_ACTIVITY_
Each line from the one with "Tumor visible on this slice: yes" through the final line of the entries below must be printed exactly, and the pictures must not be.

[Data entries]
════════════════

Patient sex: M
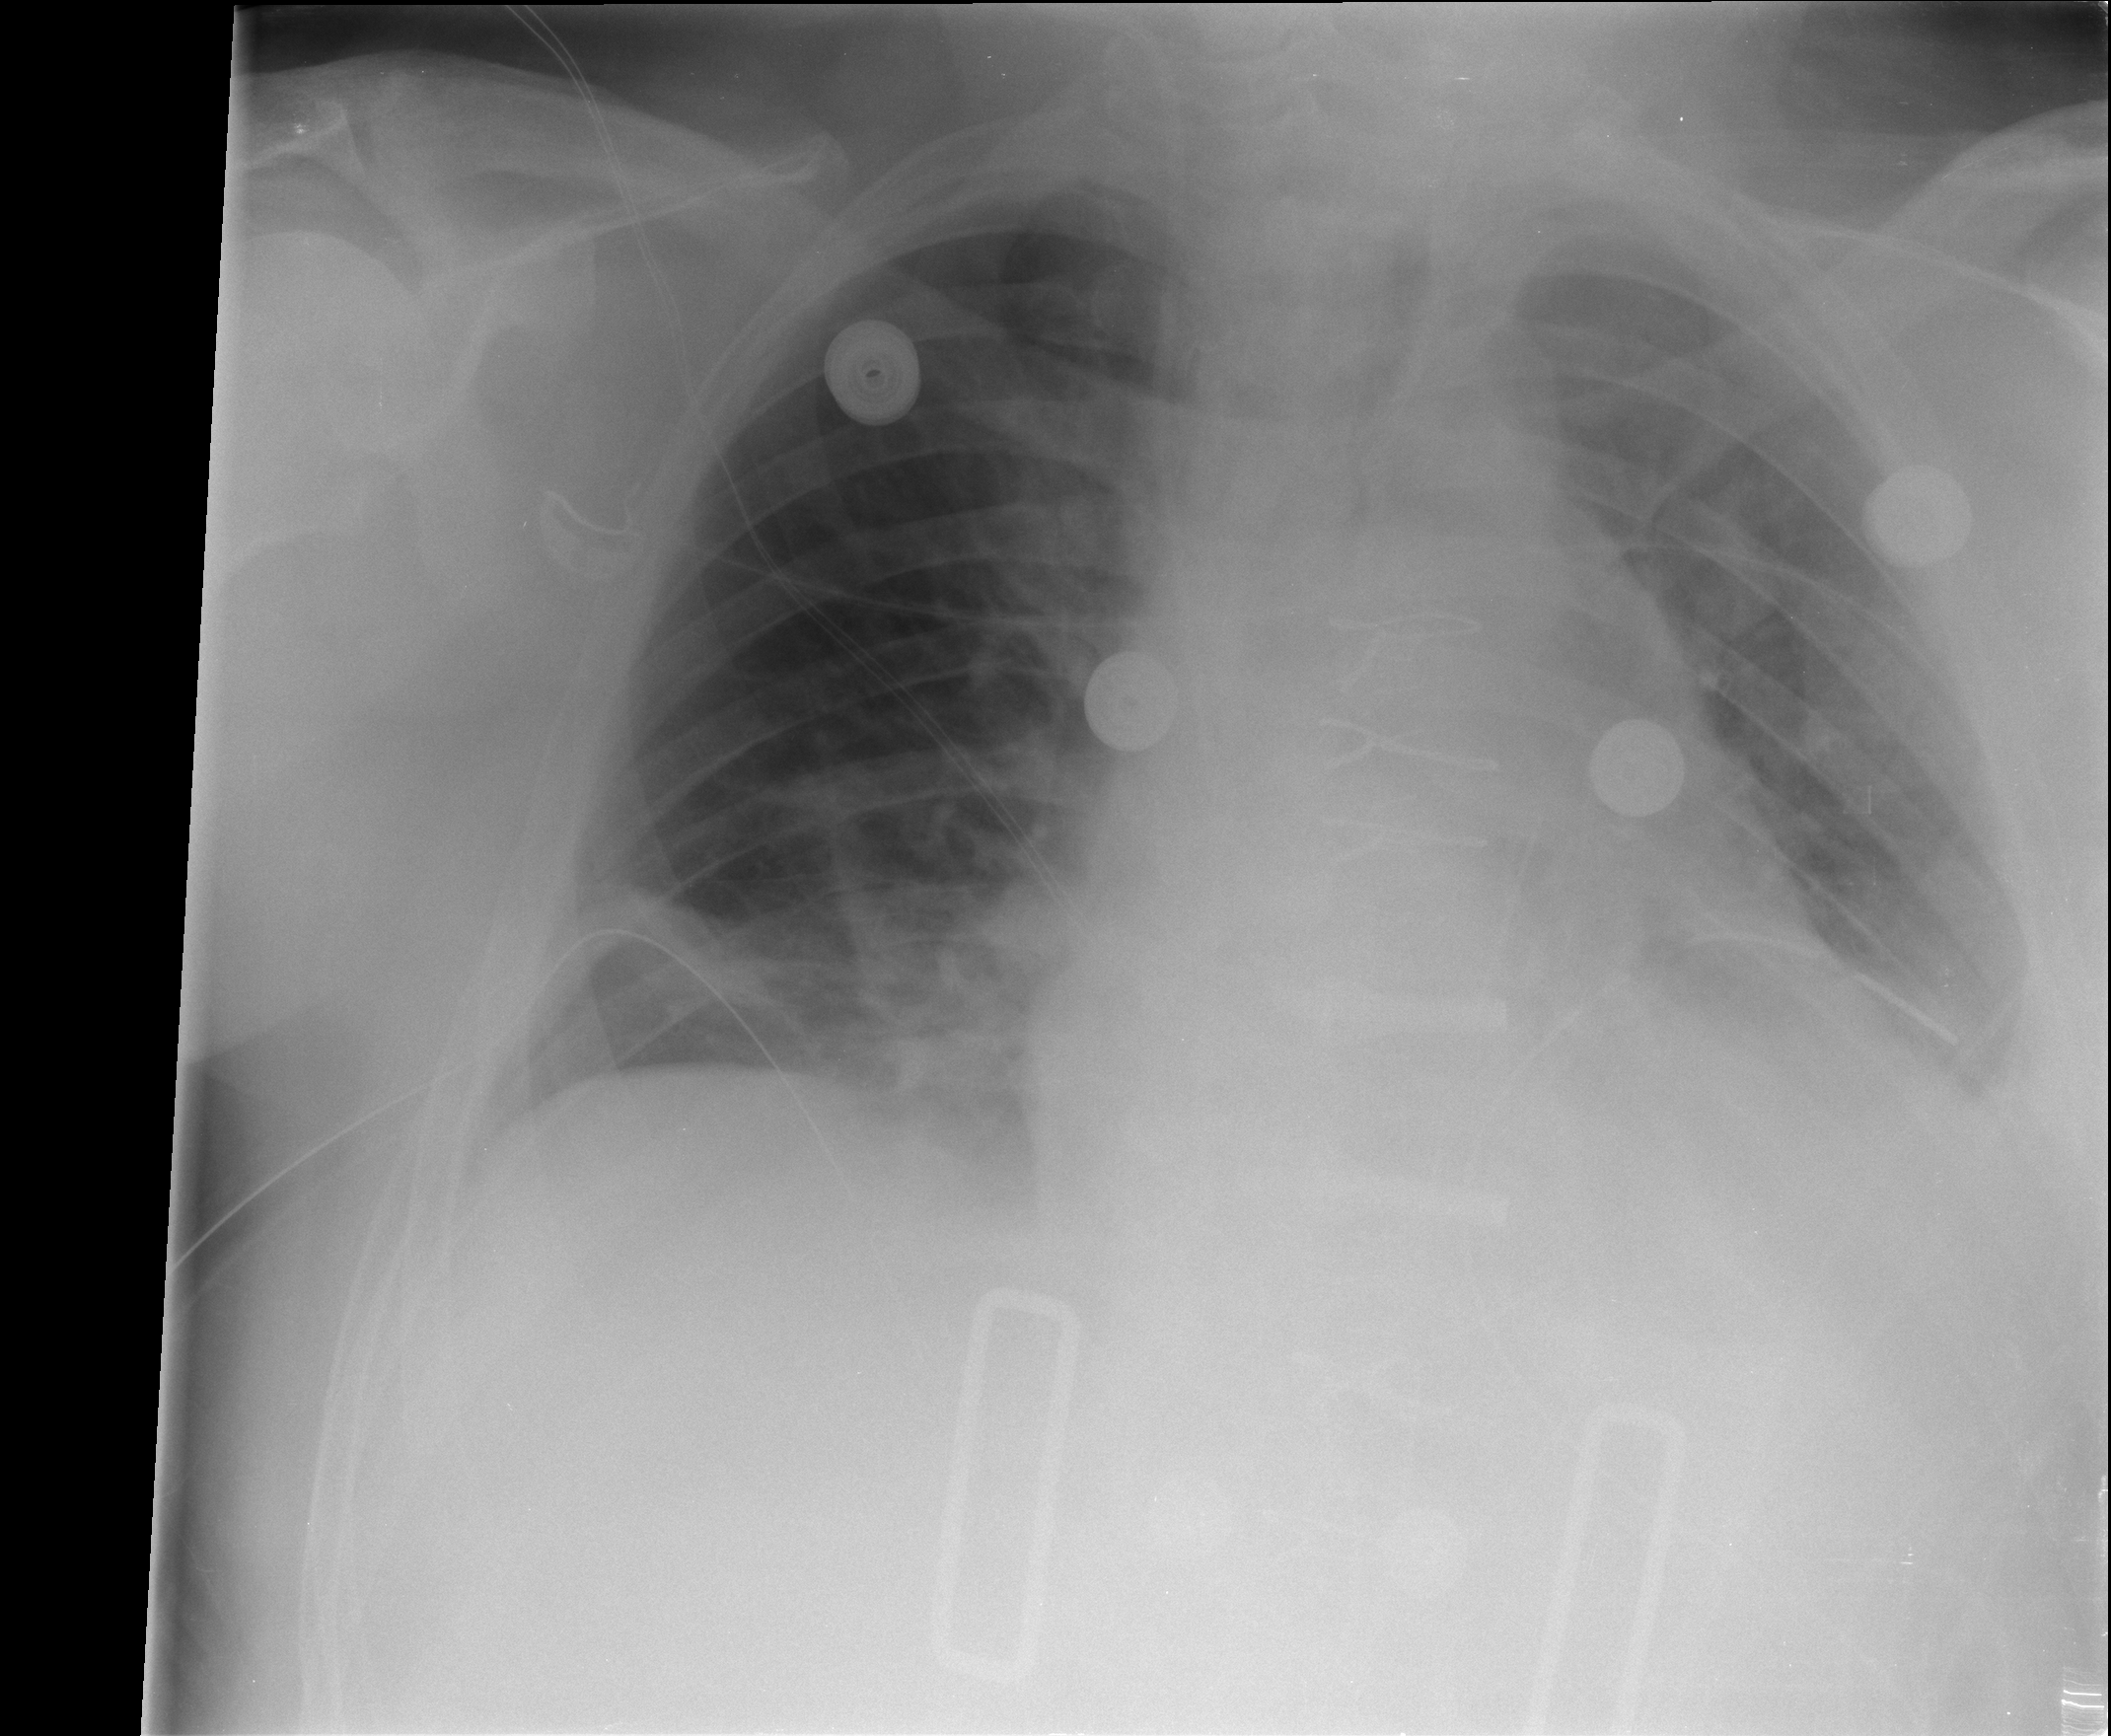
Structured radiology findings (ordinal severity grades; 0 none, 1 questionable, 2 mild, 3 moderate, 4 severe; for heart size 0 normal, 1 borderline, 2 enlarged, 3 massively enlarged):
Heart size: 2
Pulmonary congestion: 0
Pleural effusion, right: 0
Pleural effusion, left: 2
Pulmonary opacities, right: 0
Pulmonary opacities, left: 0
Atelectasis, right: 2
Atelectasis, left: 2
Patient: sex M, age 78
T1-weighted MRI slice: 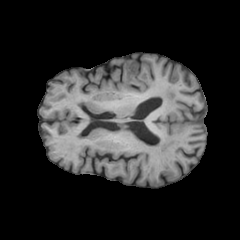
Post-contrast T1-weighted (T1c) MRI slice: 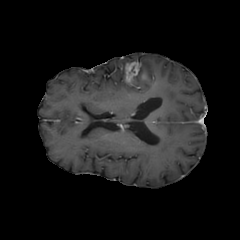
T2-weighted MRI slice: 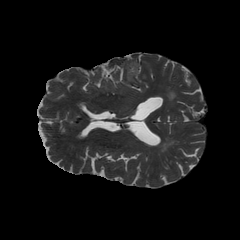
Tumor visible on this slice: yes
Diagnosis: Glioblastoma, IDH-wildtype
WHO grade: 4
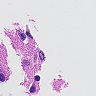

════════════════

_RESPONSE AREA_
Tumor visible on this slice: yes
Diagnosis: Glioblastoma, IDH-wildtype
WHO grade: 4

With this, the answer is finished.